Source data
______

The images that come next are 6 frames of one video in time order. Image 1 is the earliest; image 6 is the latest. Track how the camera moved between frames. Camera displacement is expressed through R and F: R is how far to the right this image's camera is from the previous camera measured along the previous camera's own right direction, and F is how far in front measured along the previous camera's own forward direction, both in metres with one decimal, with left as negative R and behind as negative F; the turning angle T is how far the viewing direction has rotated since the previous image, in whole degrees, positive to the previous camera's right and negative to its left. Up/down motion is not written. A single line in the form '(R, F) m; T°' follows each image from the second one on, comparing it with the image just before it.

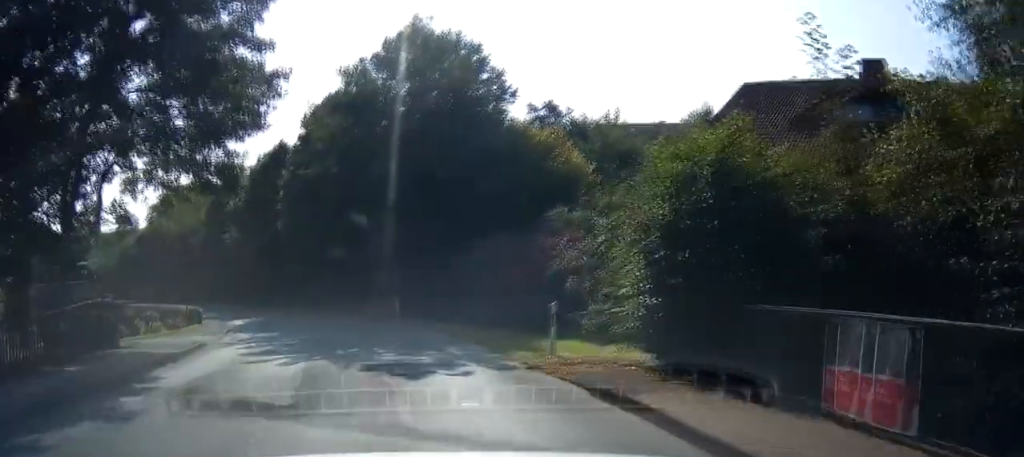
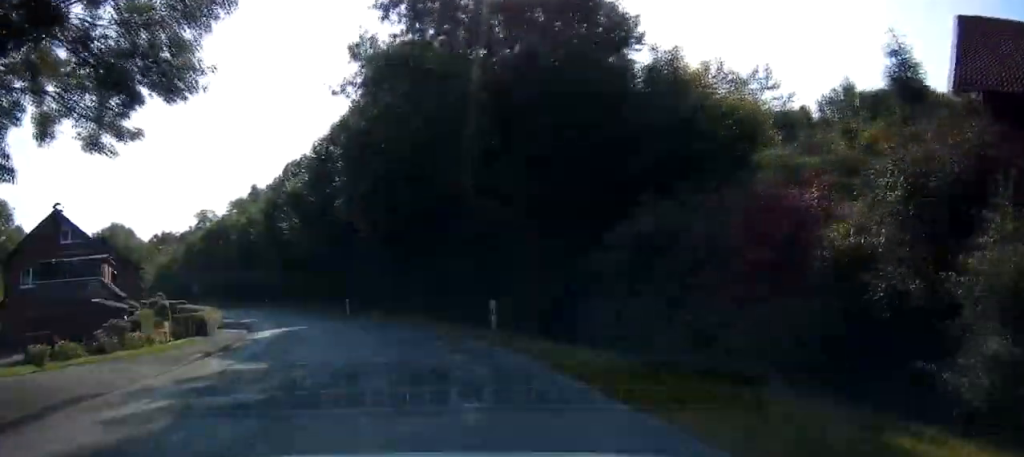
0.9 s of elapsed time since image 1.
(-1.0, +10.3) m; -13°
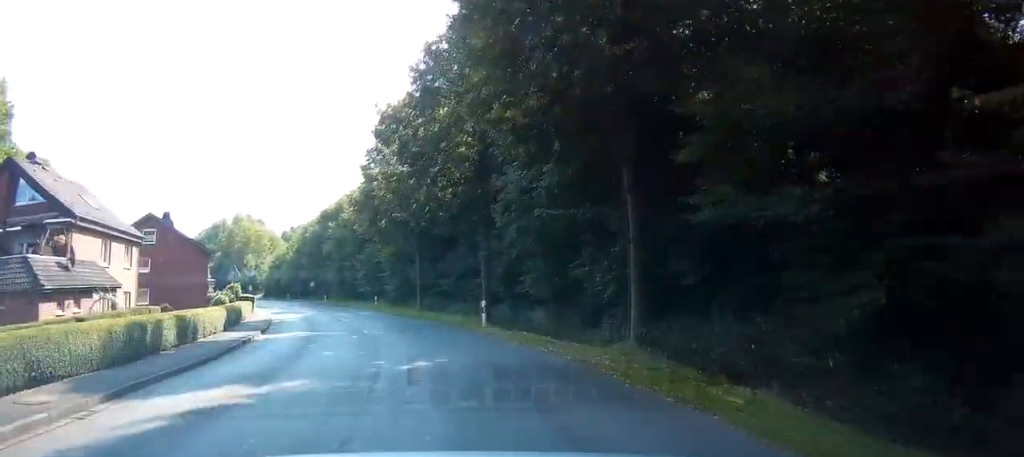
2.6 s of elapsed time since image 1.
(-3.3, +19.3) m; -14°
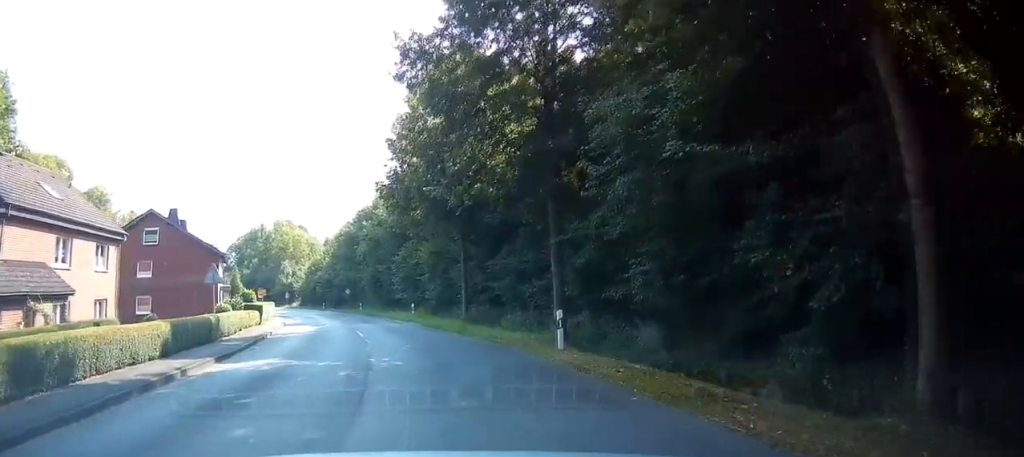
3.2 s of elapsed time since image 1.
(-0.1, +7.8) m; -5°
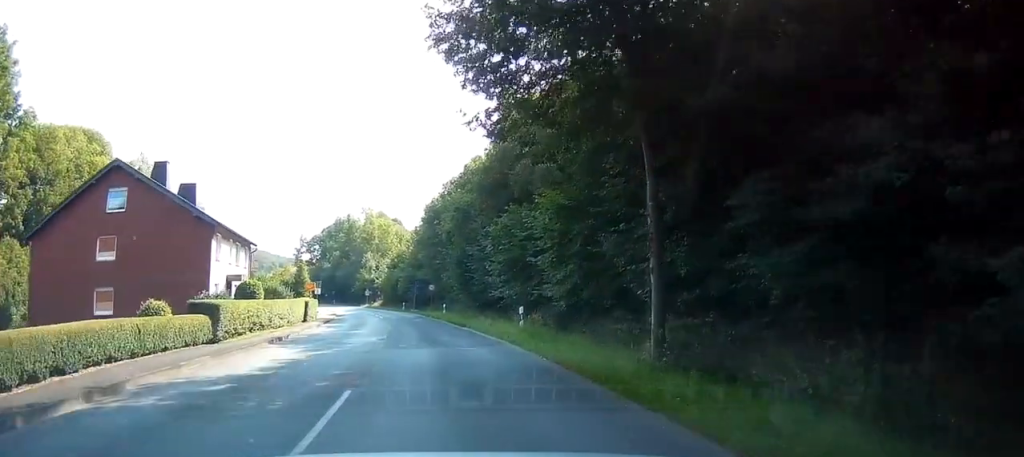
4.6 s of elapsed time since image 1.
(-2.3, +17.4) m; -12°
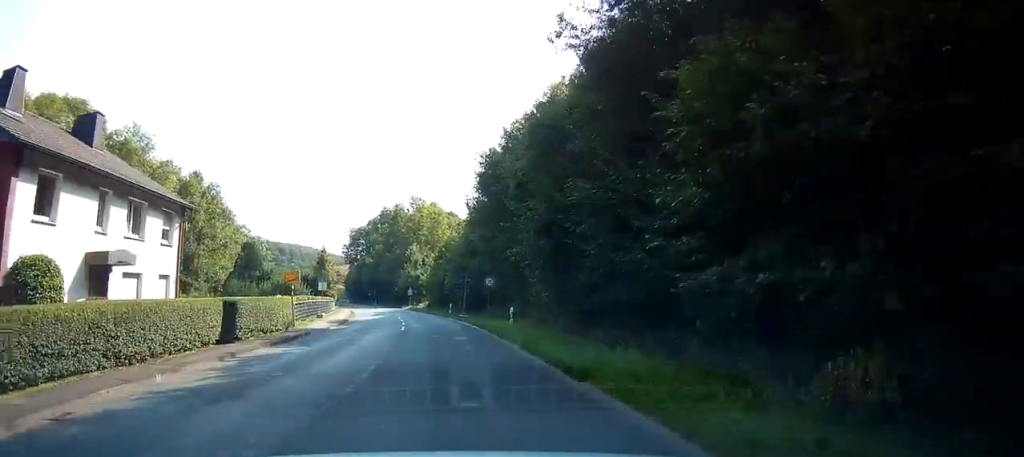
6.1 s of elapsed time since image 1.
(-0.7, +18.7) m; -5°
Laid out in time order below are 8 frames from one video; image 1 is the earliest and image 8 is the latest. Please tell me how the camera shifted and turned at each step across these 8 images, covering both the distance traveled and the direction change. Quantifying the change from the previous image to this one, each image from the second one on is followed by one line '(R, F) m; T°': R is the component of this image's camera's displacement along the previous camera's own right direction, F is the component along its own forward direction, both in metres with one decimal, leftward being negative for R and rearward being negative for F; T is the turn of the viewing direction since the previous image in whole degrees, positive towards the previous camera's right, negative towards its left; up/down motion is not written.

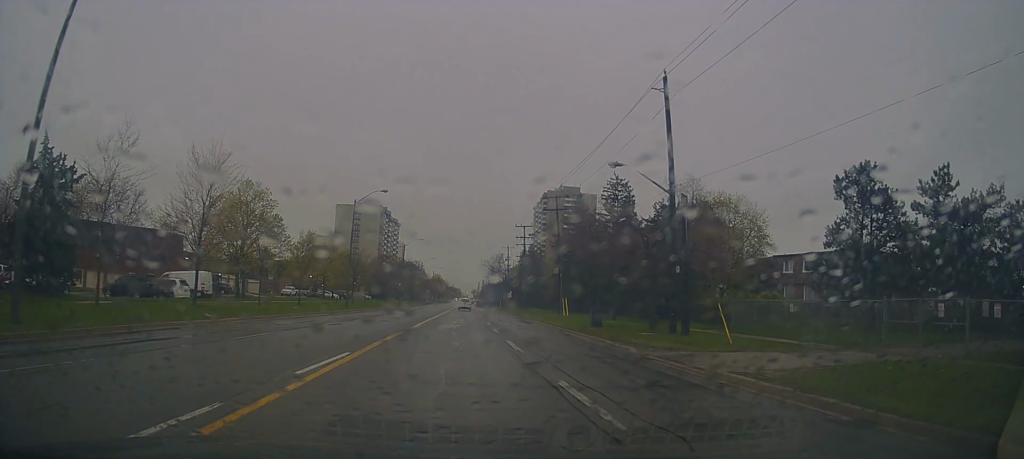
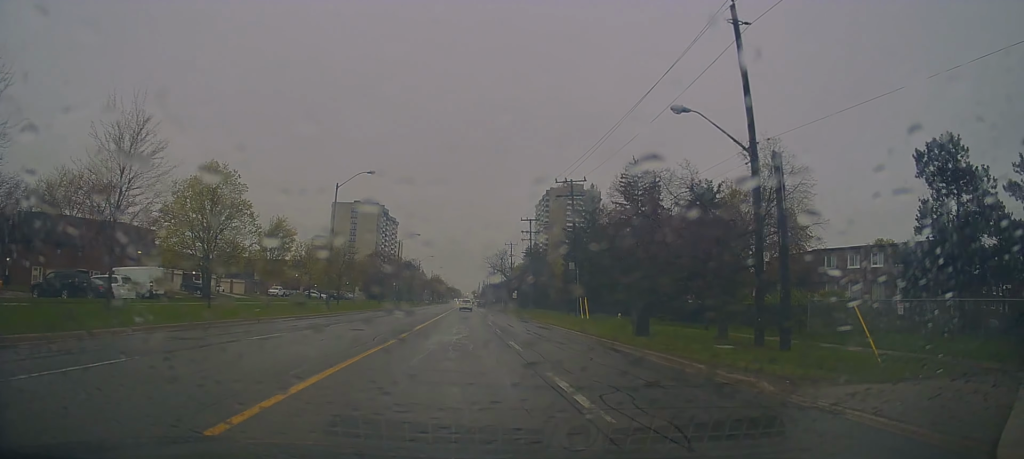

______

(Description of the task)
Repeat exactly the line containing "4.6 s of elapsed time since image 1." and every line after it through the end of the records, and nothing else. Leave the pictures out.

(Worked solution)
4.6 s of elapsed time since image 1.
(-2.3, +17.4) m; -12°
6.1 s of elapsed time since image 1.
(-0.7, +18.7) m; -5°
Laid out in time order below are 8 frames from one video; image 1 is the earliest and image 8 is the latest. Please tell me how the camera shifted and turned at each step across these 8 images, covering both the distance traveled and the direction change. Quantifying the change from the previous image to this one, each image from the second one on is followed by one line '(R, F) m; T°': R is the component of this image's camera's displacement along the previous camera's own right direction, F is the component along its own forward direction, both in metres with one decimal, leftward being negative for R and rearward being negative for F; T is the turn of the viewing direction since the previous image in whole degrees, positive towards the previous camera's right, negative towards its left; up/down motion is not written.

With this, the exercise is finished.